The Economy and Ecology of Neighbor Love

My vote for the press photo of the year would be the one taken by Joshua Bickel on April 13 and circulated widely since. Covering a Coronavirus response update from within the Ohio Statehouse, the photojournalist turned his camera toward the angry protesters with flags, red Trump hats, and masks outside—freeze-framing their raw rage and shouts of protest over stay-at-home orders.

The photo captures some of the painful divisions and complex ironies of our political/economic/cultural fabric—including, here, the irony of “law-and-order” conservatives defying local laws and taking to the streets, the President goading them on. One hopes that the new activists will gain some measure of empathy for more experienced protesters within Black Lives Matter, MeToo, or immigrants’ rights movements. One hopes, too, that liberals quick to relish in their anger can see also the real pain and anxiety underneath it.
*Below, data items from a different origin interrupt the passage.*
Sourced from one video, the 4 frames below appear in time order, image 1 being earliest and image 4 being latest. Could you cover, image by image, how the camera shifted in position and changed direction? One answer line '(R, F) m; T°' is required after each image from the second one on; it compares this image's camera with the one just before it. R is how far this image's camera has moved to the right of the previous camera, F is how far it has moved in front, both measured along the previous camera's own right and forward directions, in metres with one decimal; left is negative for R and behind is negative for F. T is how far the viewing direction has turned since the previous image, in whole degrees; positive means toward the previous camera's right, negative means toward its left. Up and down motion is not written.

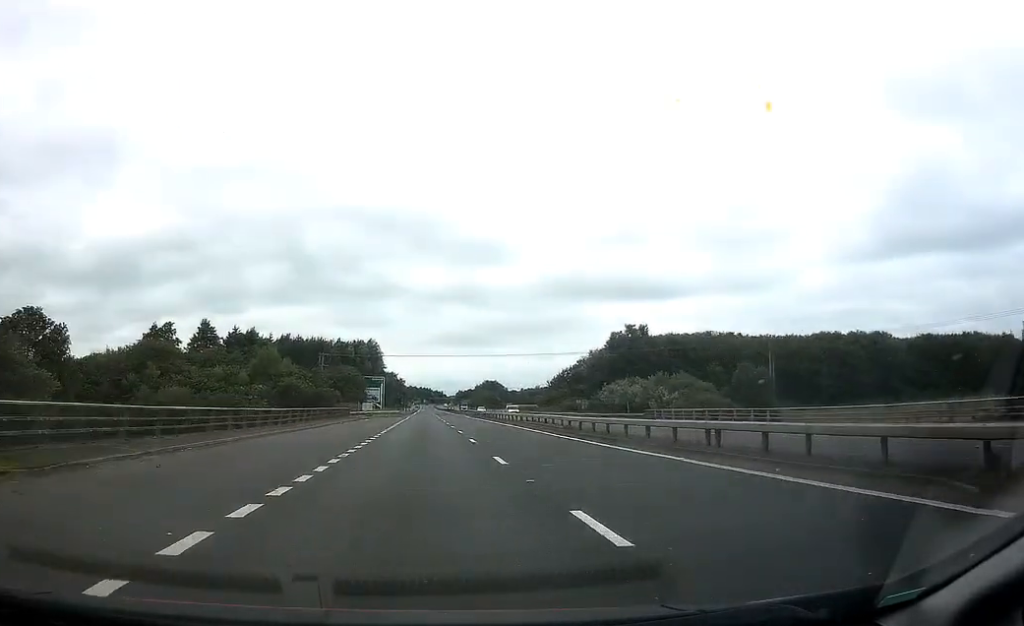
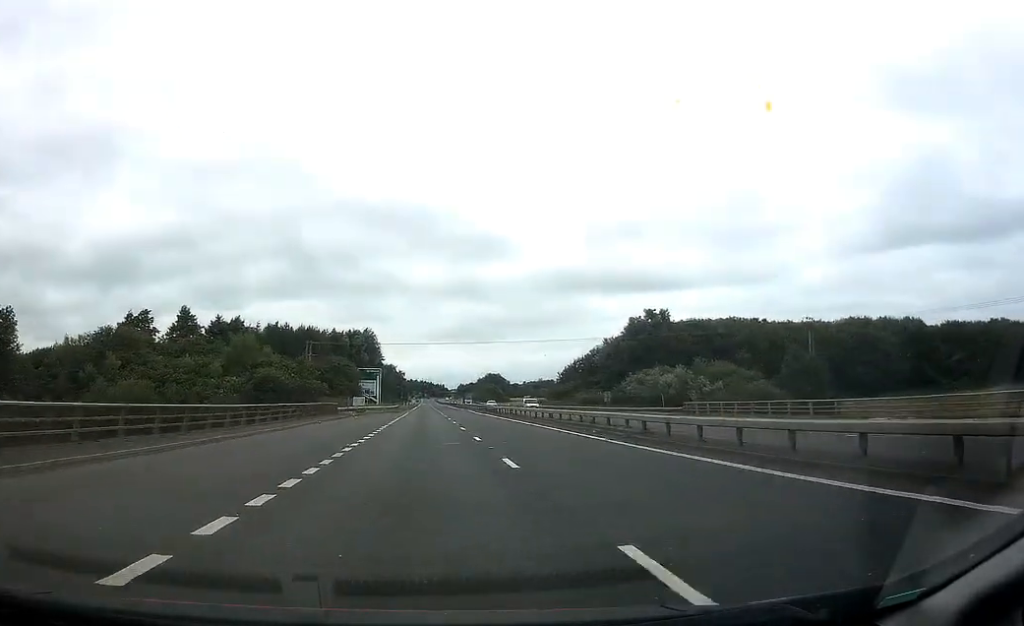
(0.0, +11.7) m; 0°
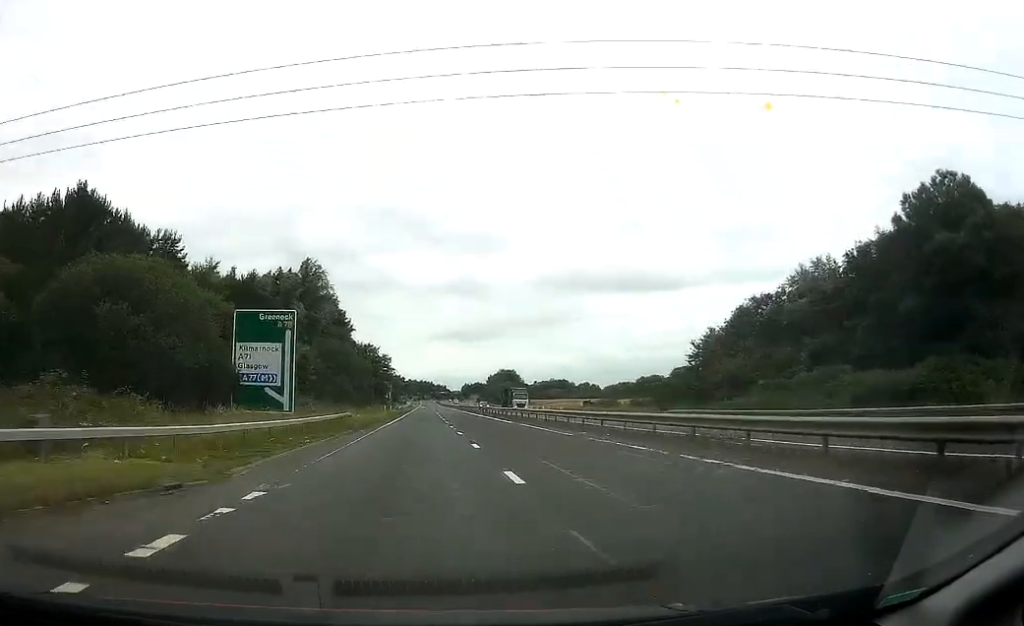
(+0.5, +73.7) m; +1°
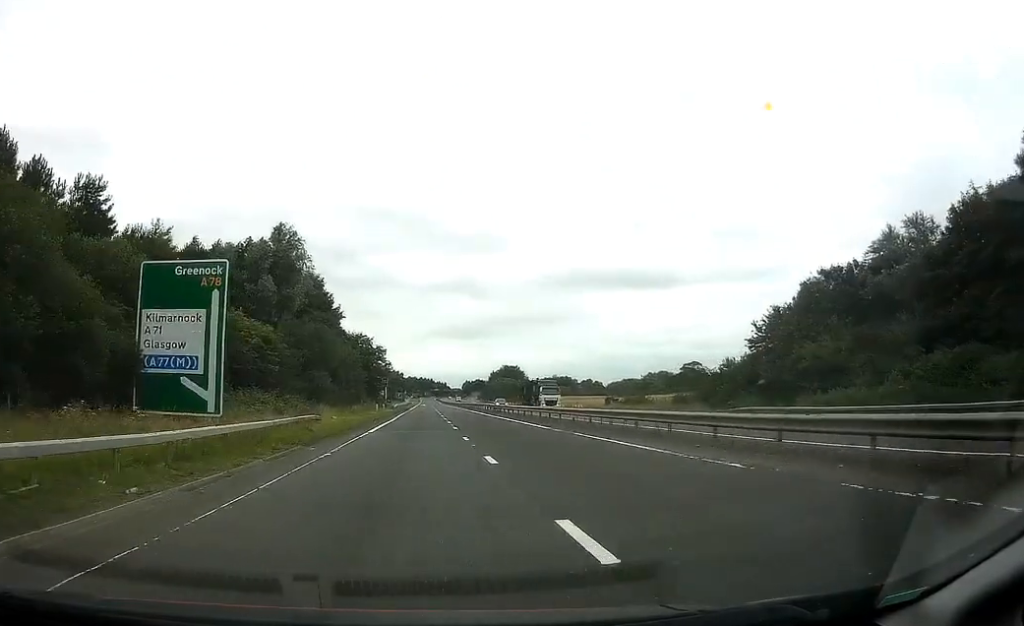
(-0.1, +14.4) m; 0°

We may yet find ways to connect.

Our larger debate is between saving livelihoods by opening up the economy and saving lives by continuing to shelter-in-place. That debate, too, is complex and ironic. Complex because livelihoods, the means of securing the necessities of life, also obviously preserve lives, and because the lives saved are qualitative and not merely quantitative, notwithstanding death toll tickers on every cable news channel. Indeed, a now-obsolete meaning of “livelihood” is the quality of being lively—truly alive.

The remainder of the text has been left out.